If n is an integer >1, is 3^n-2^n divisible by 35?

(1) n is divisible by 15.
(2) n is divisible by 18.

How you like this one?

Explanation to follow.

we need to split 35
35 = 27 + 8

(1) 3^15n-2^15n = (3^3)^5n - (2^3)^5n = 27^5n - 8^5n

considering n to be 1 (odd) we get that 27^5 ends with a 7, and 8^5 ends with an 8. so the last digit will be 9 .

35 cant divide a number ending with 9

consider n to be even now, say 2 i.e. 27^10 - 8^10 .

now we will need some corollaries we get from the binomail theorem. if we have a number as a^n - b^n

then if n is odd , the number is divisible by a - b
if n is even, the number is divisible by a + b

so this makes 27^10-8^10 divisible by 27 + 8 = 35.
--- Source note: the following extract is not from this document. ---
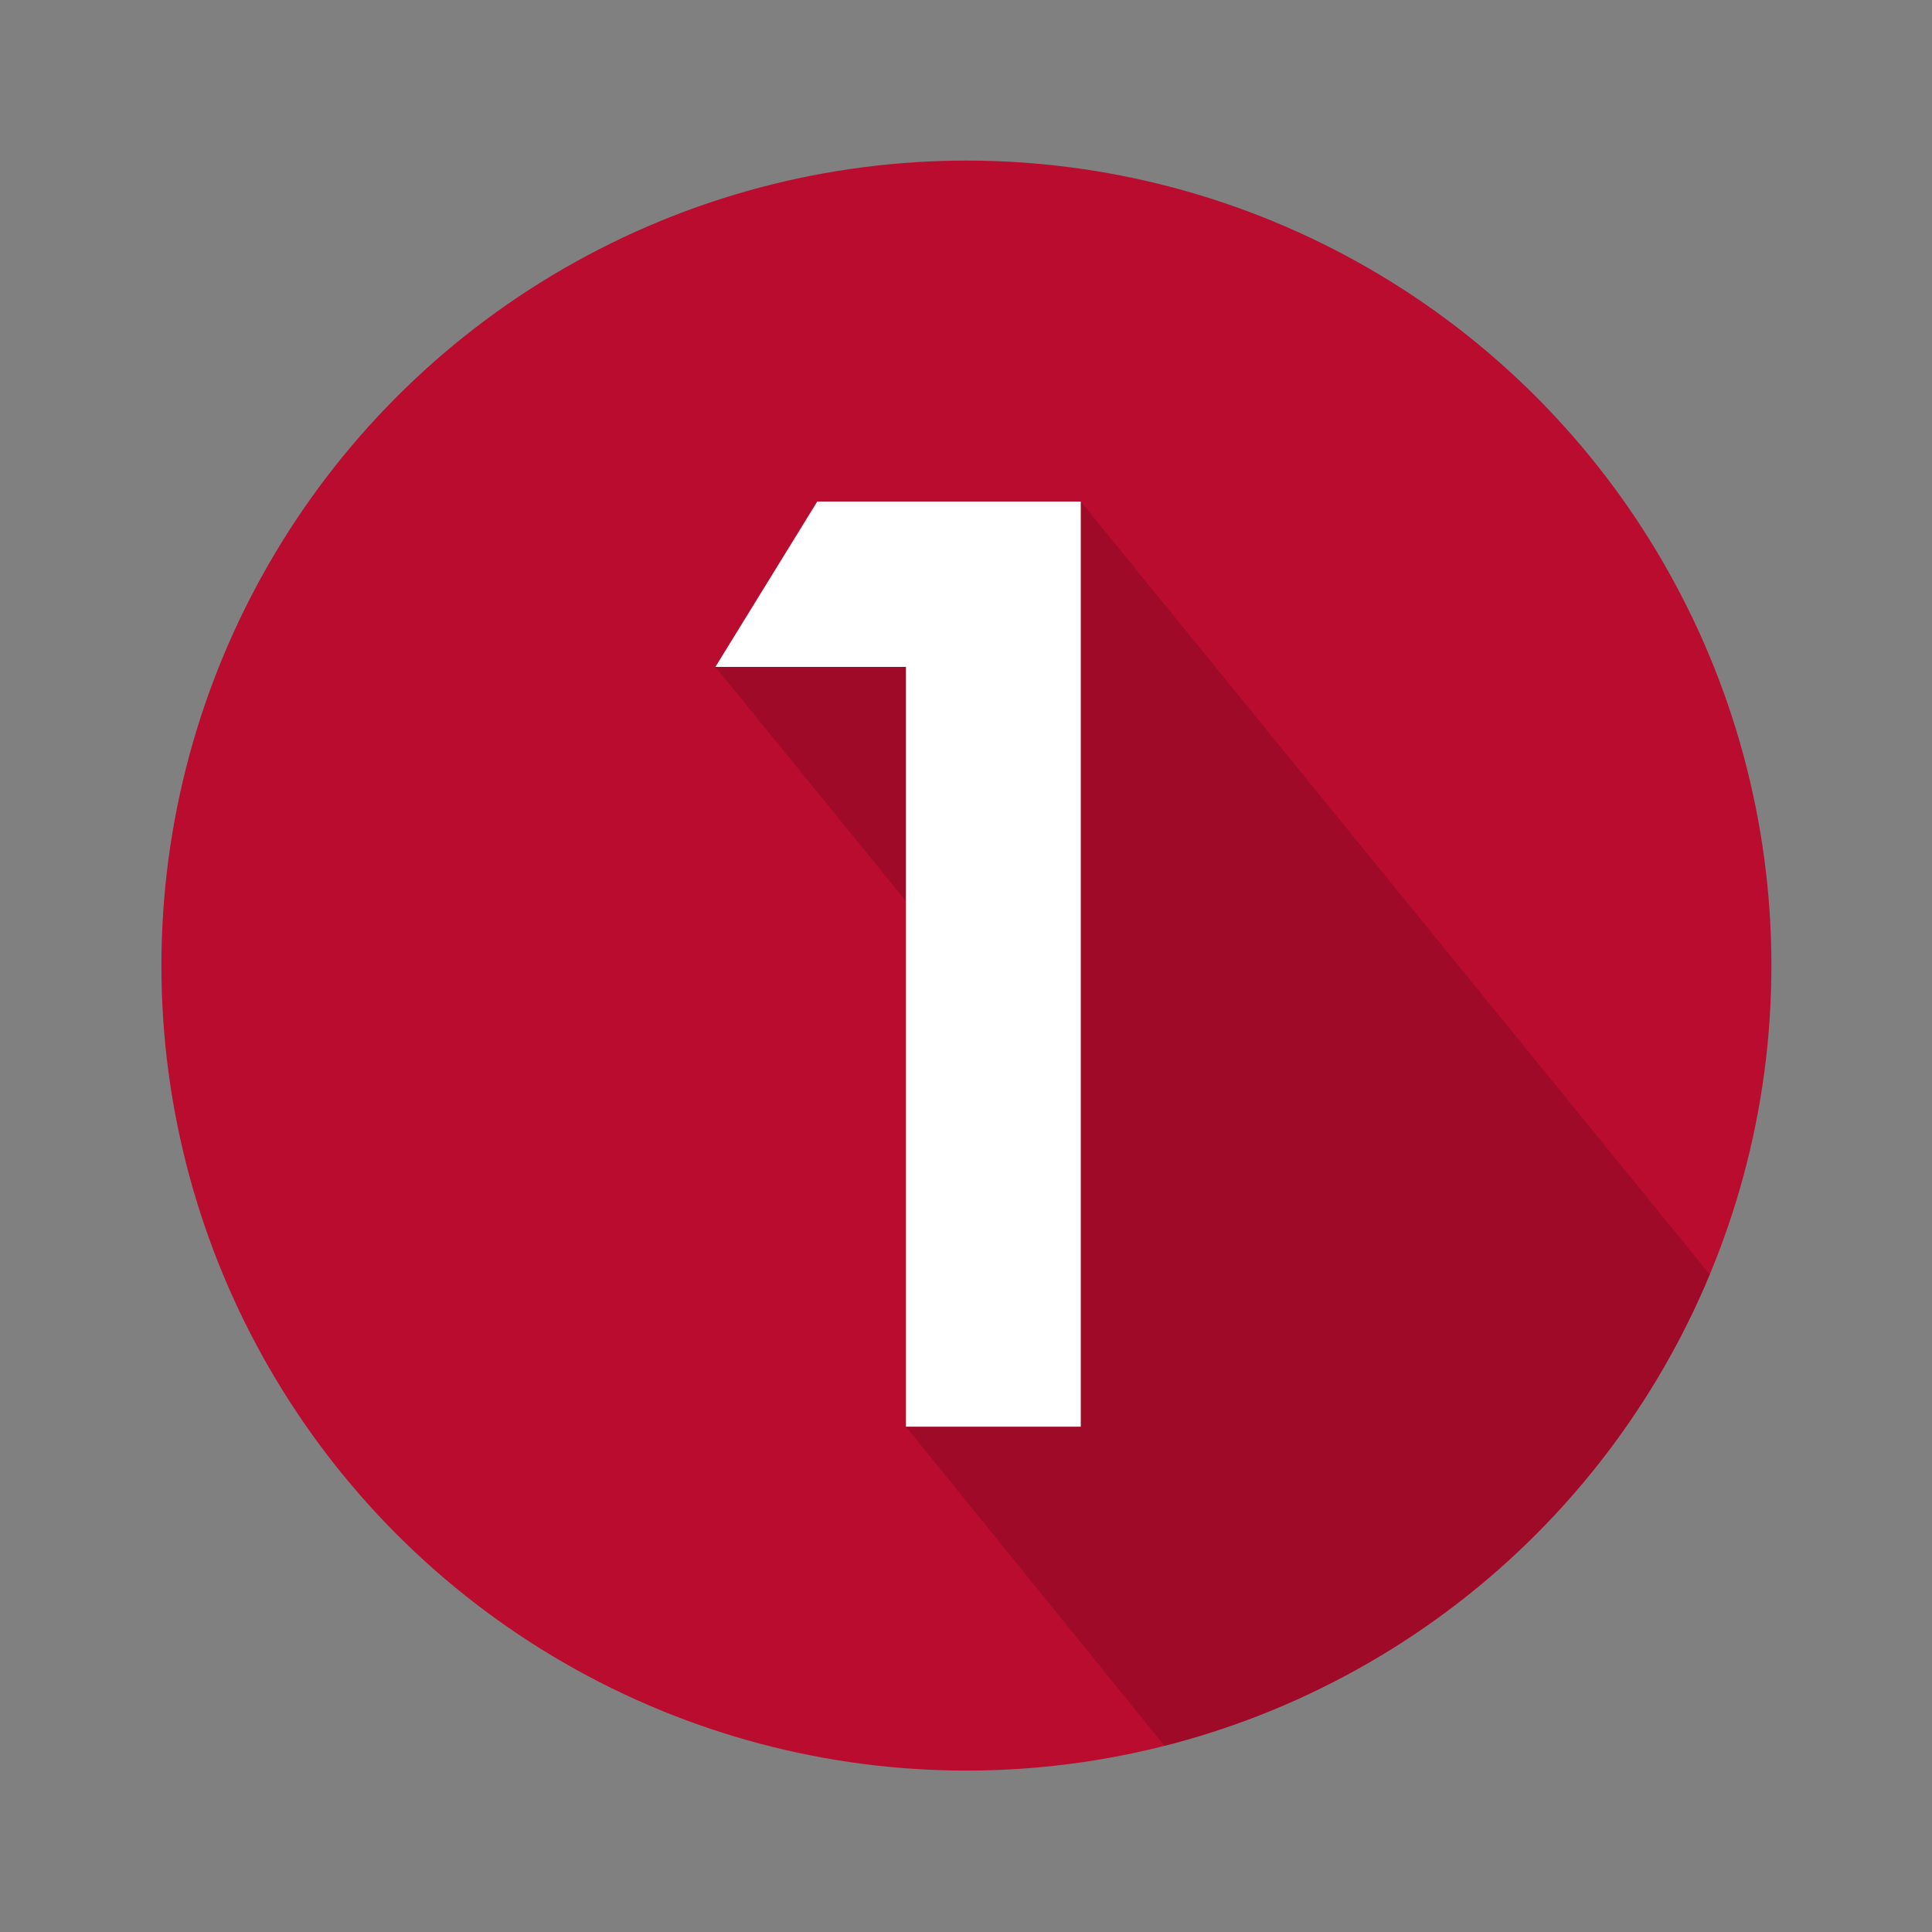 <svg id="Layer_1" data-name="Layer 1" xmlns="http://www.w3.org/2000/svg" viewBox="0 0 1200 1200"><rect x="0" y="0" width="1200" height="1200" fill="#808080" stroke="none"/><defs><style>.cls-1{fill:#ba0c2f}.cls-2{opacity:.15}.cls-3{fill:#fff}</style></defs><title>1 Icon_RGB Red</title><circle class="cls-1" cx="600.26" cy="599.75" r="500"/><path class="cls-2" d="M444.34 414.25L576 576l-13.3 310.13 160.64 198.29c153.1-38.92 278.59-148.76 338.65-292.81l-390.7-480.09z"/><path class="cls-3" d="M507.62 311.52h163.67v574.61H562.7V414.25H444.34z"/></svg>

thus an even value of n will make the term 3^15n - 2^15n divisible by 35, while an odd value will not be divisble

So 1 is insufficient.

By using the above mentioned rule we can infer that 3^18n-2^18n (27^6n - 8 ^6n) will always be divisible by 35 as the index will always be even.

So 2 is sufficient .

So B.

Exactly. +1 to you.

RULE: for x^n-y^n:
$$x^n-y^n$$ is ALWAYS divisible by $$x-y$$.
$$x^n-y^n$$ is divisible by $$x+y$$ when n is even.

If n is an integer >1, is $$3^n-2^n$$ divisible by 35?

(1) n is divisible by 15. --> $$3^{15m}-2^{15m}=27^{5m}-8^{5m}$$ --> 5m may or my not be even, so insufficient to answer, whether it's divisible by 27+8=35.

(2) n is divisible by 18. --> $$3^{18m}-2^{18m}=27^{6m}-8^{6m}$$ --> 6m is even, so 3^18m-2^18m=27^6m-8^6m is divisible by 27+8=35. Sufficient.

B.

jax91 can you please tell me whether this question was too hard for GMAT?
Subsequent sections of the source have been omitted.